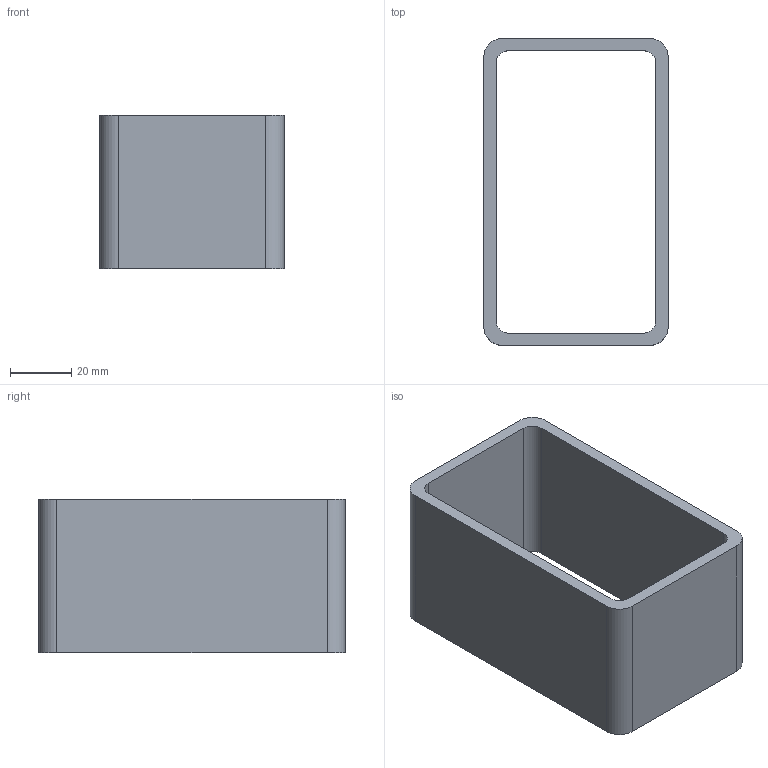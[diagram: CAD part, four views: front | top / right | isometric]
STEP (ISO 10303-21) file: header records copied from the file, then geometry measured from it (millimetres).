
FILE_DESCRIPTION(('FreeCAD Model'),'2;1');
FILE_NAME('Rectangular hollow section 100x60x4 EN10219 S235JRH.step','2015-12-07T20:01:37',('Author'),(''), 'Open CASCADE STEP processor 6.8','FreeCAD','Unknown');
FILE_SCHEMA(('AUTOMOTIVE_DESIGN_CC2 { 1 2 10303 214 -1 1 5 4 }'));
Length unit declared in the file: millimetre
Products named in the file (1): Rectangular_hollow_section_100x60x4_EN10219_S235JRH
Bounding box: 60 x 100 x 50 mm (x, y, z)
Volume: 59941.6 mm3; surface area: 31939.3 mm2
Topology: 1 solids, 1 shells, 18 faces, 48 edges, 32 vertices
Faces by surface type: plane 10, cylinder 8
Entity records: 1217 total; most frequent: DIRECTION 198, CARTESIAN_POINT 195, LINE 112, VECTOR 112, ORIENTED_EDGE 96, PCURVE 96, DEFINITIONAL_REPRESENTATION 96, EDGE_CURVE 48
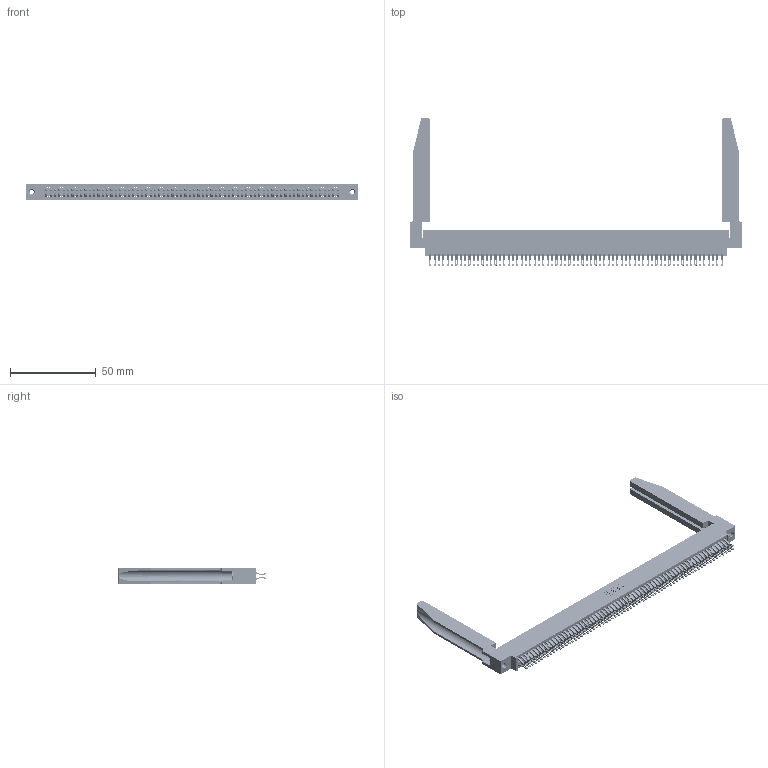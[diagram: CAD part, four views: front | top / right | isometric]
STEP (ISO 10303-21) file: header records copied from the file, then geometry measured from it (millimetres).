
FILE_DESCRIPTION (( 'STEP AP203' ), '1' );
FILE_NAME ('345-136-555-878.STEP', '2019-11-08T10:23:57', ( '' ), ( '' ), 'SwSTEP 2.0', 'SolidWorks 2016', '' );
FILE_SCHEMA (( 'CONFIG_CONTROL_DESIGN' ));
Length unit declared in the file: inch
Products named in the file (5): 345 Part_0.170 Offset - 0.156 Dia-TH; 345-292-001_555 Tail; 345-220-078_345-220-078; 345-250-001_345-250-001-102; 345-136-555-878
Assembly tree (141 placements, depth 2):
  345-136-555-878
    345 Part_0.170 Offset - 0.156 Dia-TH
    345-292-001_555 Tail  x136
    345-250-001_345-250-001-102  x2
    345-220-078_345-220-078  x2
Bounding box: 193.95 x 86.41 x 9.4 mm (x, y, z)
Volume: 27133.8 mm3; surface area: 37479.8 mm2
Topology: 141 solids, 141 shells, 7980 faces, 25033 edges, 16678 vertices
Faces by surface type: plane 4442, cylinder 3486, bspline 36, cone 12, torus 4
Entity records: 55052 total; most frequent: CARTESIAN_POINT 10157, ORIENTED_EDGE 8958, DIRECTION 7885, EDGE_CURVE 4479, VECTOR 3961, LINE 3961, VERTEX_POINT 2980, AXIS2_PLACEMENT_3D 1962

ASSIGNMENT
Please copy the data above character for character, skipping any pictures.

SOLVED EXERCISE
[diagram: CAD part, four views: front | top / right | isometric]
STEP (ISO 10303-21) file: header records copied from the file, then geometry measured from it (millimetres).
FILE_DESCRIPTION(('FreeCAD Model'),'2;1');
FILE_NAME('Rectangular hollow section 100x60x4 EN10219 S235JRH.step','2015-12-07T20:01:37',('Author'),(''), 'Open CASCADE STEP processor 6.8','FreeCAD','Unknown');
FILE_SCHEMA(('AUTOMOTIVE_DESIGN_CC2 { 1 2 10303 214 -1 1 5 4 }'));
Length unit declared in the file: millimetre
Products named in the file (1): Rectangular_hollow_section_100x60x4_EN10219_S235JRH
Bounding box: 60 x 100 x 50 mm (x, y, z)
Volume: 59941.6 mm3; surface area: 31939.3 mm2
Topology: 1 solids, 1 shells, 18 faces, 48 edges, 32 vertices
Faces by surface type: plane 10, cylinder 8
Entity records: 1217 total; most frequent: DIRECTION 198, CARTESIAN_POINT 195, LINE 112, VECTOR 112, ORIENTED_EDGE 96, PCURVE 96, DEFINITIONAL_REPRESENTATION 96, EDGE_CURVE 48
[diagram: CAD part, four views: front | top / right | isometric]
STEP (ISO 10303-21) file: header records copied from the file, then geometry measured from it (millimetres).
FILE_DESCRIPTION (( 'STEP AP203' ), '1' );
FILE_NAME ('345-136-555-878.STEP', '2019-11-08T10:23:57', ( '' ), ( '' ), 'SwSTEP 2.0', 'SolidWorks 2016', '' );
FILE_SCHEMA (( 'CONFIG_CONTROL_DESIGN' ));
Length unit declared in the file: inch
Products named in the file (5): 345 Part_0.170 Offset - 0.156 Dia-TH; 345-292-001_555 Tail; 345-220-078_345-220-078; 345-250-001_345-250-001-102; 345-136-555-878
Assembly tree (141 placements, depth 2):
  345-136-555-878
    345 Part_0.170 Offset - 0.156 Dia-TH
    345-292-001_555 Tail  x136
    345-250-001_345-250-001-102  x2
    345-220-078_345-220-078  x2
Bounding box: 193.95 x 86.41 x 9.4 mm (x, y, z)
Volume: 27133.8 mm3; surface area: 37479.8 mm2
Topology: 141 solids, 141 shells, 7980 faces, 25033 edges, 16678 vertices
Faces by surface type: plane 4442, cylinder 3486, bspline 36, cone 12, torus 4
Entity records: 55052 total; most frequent: CARTESIAN_POINT 10157, ORIENTED_EDGE 8958, DIRECTION 7885, EDGE_CURVE 4479, VECTOR 3961, LINE 3961, VERTEX_POINT 2980, AXIS2_PLACEMENT_3D 1962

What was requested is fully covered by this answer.